It is known that $\U$ is a Hopf algebra with the following
comultiplication $\Delta$ and antipode $S$:

$$\gathered
\Delta e_i =e_i\otimes q^{(h_{i+1}-h_i)/2} +q^{(h_i-h_{i+1})/2}\otimes
e_i\\
\Delta f_i =f_i\otimes q^{(h_{i+1}-h_i)/2} +q^{(h_i-h_{i+1})/2}\otimes
f_i\\
\Delta h_i=h_i\otimes 1+1\otimes h_i\endgathered\tag 2.3$$

$$\gathered
S(e_i)=-e_iq^{-1}\\
S(f_i)=-f_i q\\
S(h_i)=-h_i\endgathered\tag 2.4$$


In the limit $q\to 1$, $\U$ becomes the universal enveloping algebra
of the Lie algebra $\gl$: one can identify the generators with the
matrix units as follows: $e_i=E_{ii+1}, f_i=E_{i+1 i}, h_i=E_{ii}$.

Like its classical analogue, $\U$ admits the following polarization:
$\U=U^-\cdot U^0\cdot U^+$, where $U^{\pm}$ is the subalgebra
generated by $e_i$ (respectively, $f_i$), and $U^0$ is the
algebra generated by $q^{h_i}$. $\U$ also admits an algebra automorphism
$\omega$ (Cartan involution), which transposes $U^+$ and
$U^-$:
$$
\omega e_i=-f_i,\quad
\omega f_i=-e_i,\quad
\omega h_i=-h_i \tag 2.5 $$
Note that $\omega$ is a coalgebra antiautomorphism.



Representation theory of $\U$ is quite parallel to the classical case.
Unless otherwise stated, we consider only finite-dimensional
representations.
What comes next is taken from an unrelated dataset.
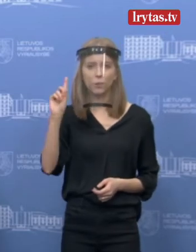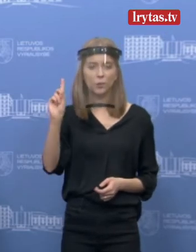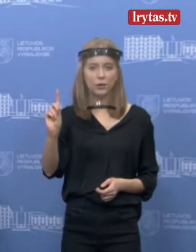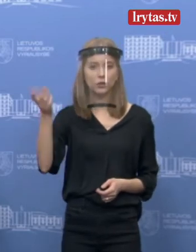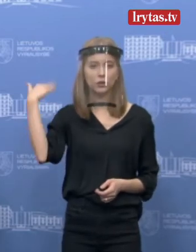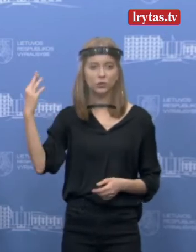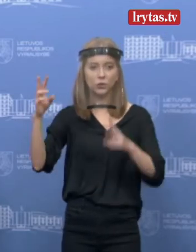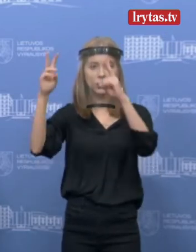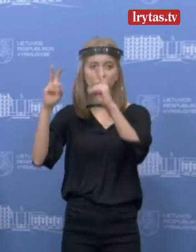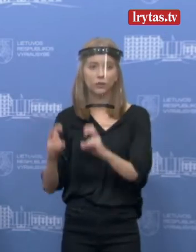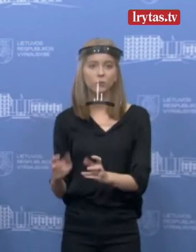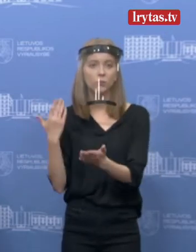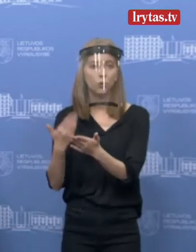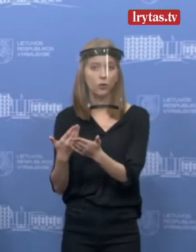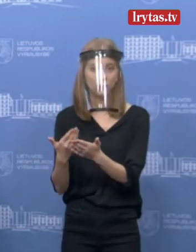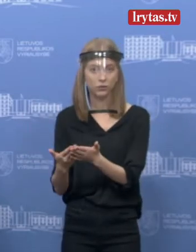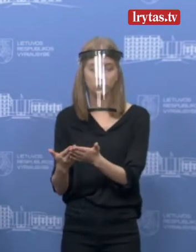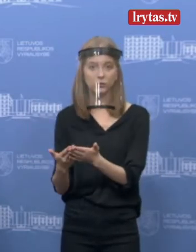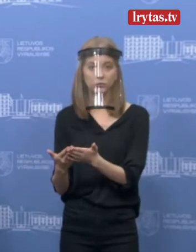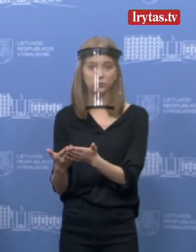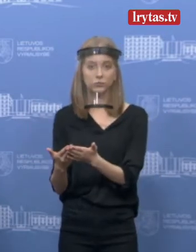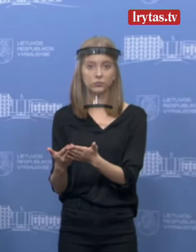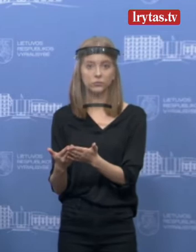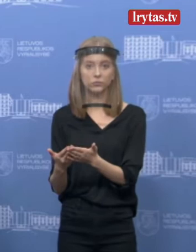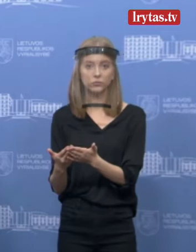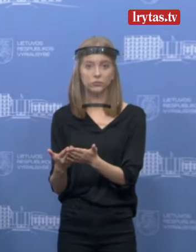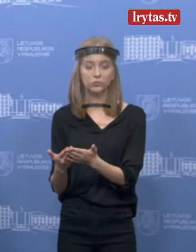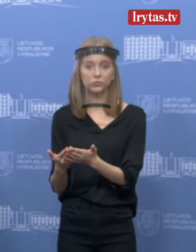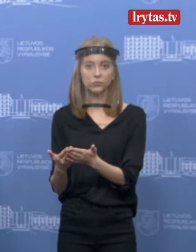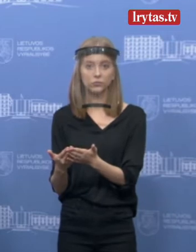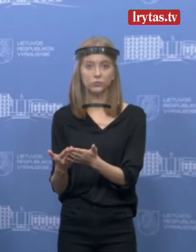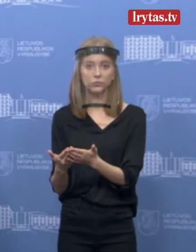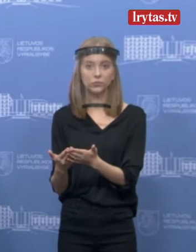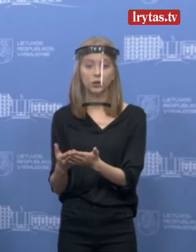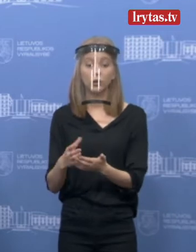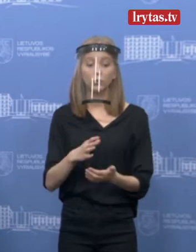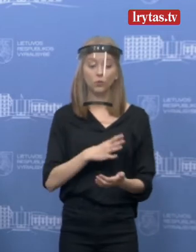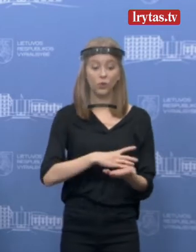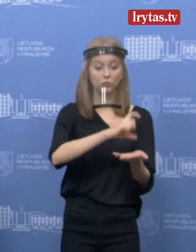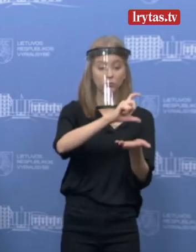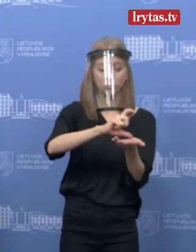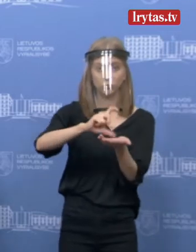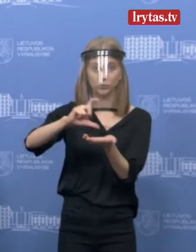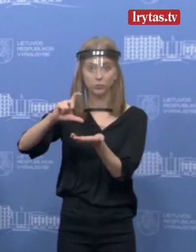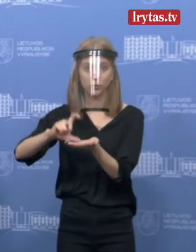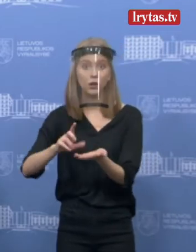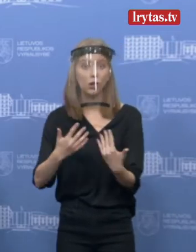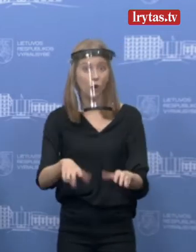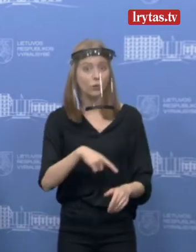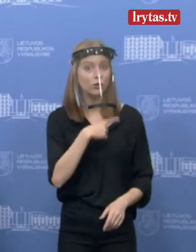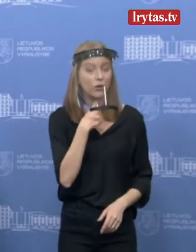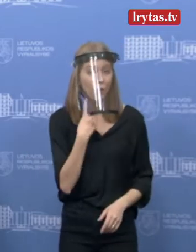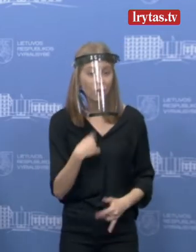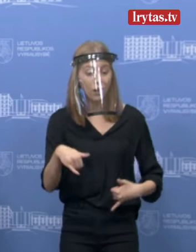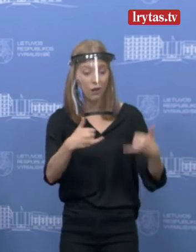tyrimas buvo atliktas tada, kai jau tikrai atsirado pakankamai reagentų ir buvo galima atirti, na, tikrai daugelį

Define Cartan subalgebra $\h$ to be the linear span of
$h_i$; then every $\lambda=(\lambda_1,\ldots,\lambda_n)\in\C^n$ can be
considered  as a
weight, i.e. a an element of $\h^*$ by $\lambda(h_i)=\lambda_i$. We have a
bilinear form on the weights given by $<\lambda,\mu>=\sum\lambda_i
\mu_i$, which allows us to identify $\h\simeq \h^*$.
Define the set of integral weights $P=\{\lambda| \lambda_i-\lambda_j
\in\Z\}$ and the
set of dominant weights $P_{+}=\{\lambda|
\lambda_i-\lambda_{i+1}\in \Z_+\}$. Note that $\lambda \in P_{+}$ iff
$\lambda+ a(1,\ldots,1)$ is a partition for some $a\in\C$. We have
a natural order on $P$ which is defined precisely in the same way as in
Section 1. It is also  convenient to introduce
fundamental weights $\omega_i=(1,\ldots,1,0\ldots,0)$ ( $i$ ones),
 $i=1\ldots, n-1$. Then $\lambda\in P_{+}$ iff
$\lambda=a(1,\ldots, 1)+\sum n_i\omega_i, n_i\in \Z_+$.

We also introduce the root system $R=\{\varepsilon_i-\varepsilon_j,
i\ne j\}\subset \h^*$, positive roots
$R^+=\{\varepsilon_i-\varepsilon_j, i<j\}$ and simple roots
$\alpha_i=\varepsilon_i-\varepsilon_{i+1}, i=1,\ldots, n-1$, where
$\varepsilon_i$ is a basis in $\h^*$:
$\varepsilon_i(h_j)=\delta_{ij}$. Also, let $Q$ be the lattice in
$\h^*$ spanned by all roots, and $Q^+\subset Q$ be the semigroup
spanned by all positive roots.


For every $\lambda\in
P_{+}$ there
exists a unique irreducible finite-dimensional representation $V_\lambda$
generated by a highest weight vector $v_\lambda$ of weight $\lambda$. This
exhausts all irreducible finite-dimensional  representations of $\U$. The
characters (and therefore, the dimensions) of the representations
$V_\lambda$ are the same as for the classical case. Also, every
 representation is a direct sum of irreducibles.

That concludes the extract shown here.